I woke up this morning the mother of a teenager, and I feel relieved.

Yes, time goes too fast. Yes, I cannot believe our oldest is 13 years old. BUT, despite all the times I’ve felt like I failed our son, he’s thrived for 13 years, and I can see the all those lessons we’ve taught him taking hold.

Today I’m patting myself on the back and high-fiving Craig. We’ve been parents for 13 years with no instruction manual or training detailing how to handle all the myriad of tasks and obstacles we’ve faced, and all is well. It’s not perfect, but I’m feeling ecstatic about who our teenager is and where he’s capable of going. I also feel annoyed at times because he’s a TEENAGER. That boy can drive me batty.

boys sitting in the grass smiling

Being the oldest isn’t easy. He isn’t getting my “A” game as a parent. Every milestone he reaches, is new for us. We’re doing this together. He’s had to teach me every step of the way as much as I’ve had to teach him. I’ve sensed him changing, filling with hormones, over the last few months. He watches us more closely. We’re his most constant example for how to be an adult. Most days I can’t believe I’m an adult and now I have this person watching me and taking notes. I want to do better for him. There’s a lot I have to learn about being an adult, and he’s going to help refine the person I am.

He seems more capable and worldly at 13 than I was at the same age. He’s responsible even though I tend to harp on him to be even more. He can be articulate. That teenage son of mine knows how to have a discussion with us and win. I’m proud of the young man he is and what the future holds for him.

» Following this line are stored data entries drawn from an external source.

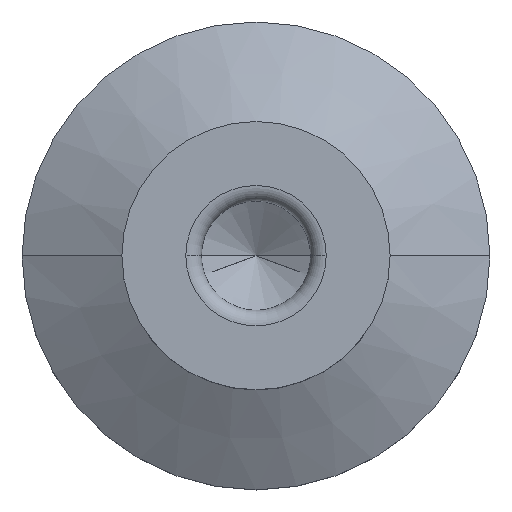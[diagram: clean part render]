
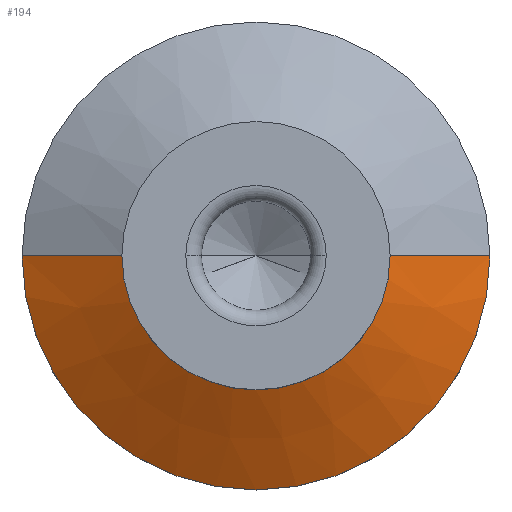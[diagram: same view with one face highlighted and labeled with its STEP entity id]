
A CAD part, top view. The second image highlights one B-rep face of the part: STEP entity #194.
In plain terms, the highlighted conical face has half-angle 60.642 degrees and reference radius 5.9 mm.
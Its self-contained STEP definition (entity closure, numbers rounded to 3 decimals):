
#98=EDGE_CURVE('',#110,#204,#258,.T.);
#106=VERTEX_POINT('',#267);
#110=VERTEX_POINT('',#272);
#186=EDGE_CURVE('',#216,#106,#359,.T.);
#194=ADVANCED_FACE('',(#368),#369,.T.);
#196=EDGE_CURVE('',#216,#110,#371,.T.);
#204=VERTEX_POINT('',#379);
#216=VERTEX_POINT('',#392);
#228=EDGE_CURVE('',#204,#106,#406,.T.);
#258=CIRCLE('',#428,4.3);
#267=CARTESIAN_POINT('',(-7.5,0.,-1.1));
#272=CARTESIAN_POINT('',(4.3,0.,0.7));
#359=CIRCLE('',#551,7.5);
#368=FACE_OUTER_BOUND('',#562,.T.);
#369=CONICAL_SURFACE('',#563,5.9,1.058);
#371=LINE('',#566,#567);
#379=CARTESIAN_POINT('',(-4.3,0.,0.7));
#392=CARTESIAN_POINT('',(7.5,0.,-1.1));
#406=LINE('',#614,#615);
#428=AXIS2_PLACEMENT_3D('',#633,#634,#635);
#551=AXIS2_PLACEMENT_3D('',#777,#778,#779);
#562=EDGE_LOOP('',(#790,#791,#792,#793));
#563=AXIS2_PLACEMENT_3D('',#794,#795,#796);
#566=CARTESIAN_POINT('',(5.9,0.,-0.2));
#567=VECTOR('',#797,1.0);
#614=CARTESIAN_POINT('',(-5.9,0.,-0.2));
#615=VECTOR('',#838,1.0);
#633=CARTESIAN_POINT('',(0.0,0.,0.7));
#634=DIRECTION('',(-0.0,0.0,-1.0));
#635=DIRECTION('',(-1.0,0.,0.0));
#777=CARTESIAN_POINT('',(0.0,0.,-1.1));
#778=DIRECTION('',(-0.0,0.0,-1.0));
#779=DIRECTION('',(-1.0,0.,0.0));
#790=ORIENTED_EDGE('',*,*,#228,.T.);
#791=ORIENTED_EDGE('',*,*,#186,.F.);
#792=ORIENTED_EDGE('',*,*,#196,.T.);
#793=ORIENTED_EDGE('',*,*,#98,.T.);
#794=CARTESIAN_POINT('',(0.0,0.,-0.2));
#795=DIRECTION('',(-0.0,-0.0,-1.0));
#796=DIRECTION('',(-1.0,0.,0.0));
#797=DIRECTION('',(-0.872,0.,0.49));
#838=DIRECTION('',(-0.872,0.,-0.49));

I’m sure my mild-mannered teen will one day raise his voice or slam a door. I’ve been known to throw an adult-sized tantrum myself. Each stage of childhood has had its challenges, and I know the teen years hold some whoppers of their own. I won’t say I’m prepared because I most certainly am not. I’m approaching the teen years differently than I thought. I’m excited about this boy we’re raising and not near as wary.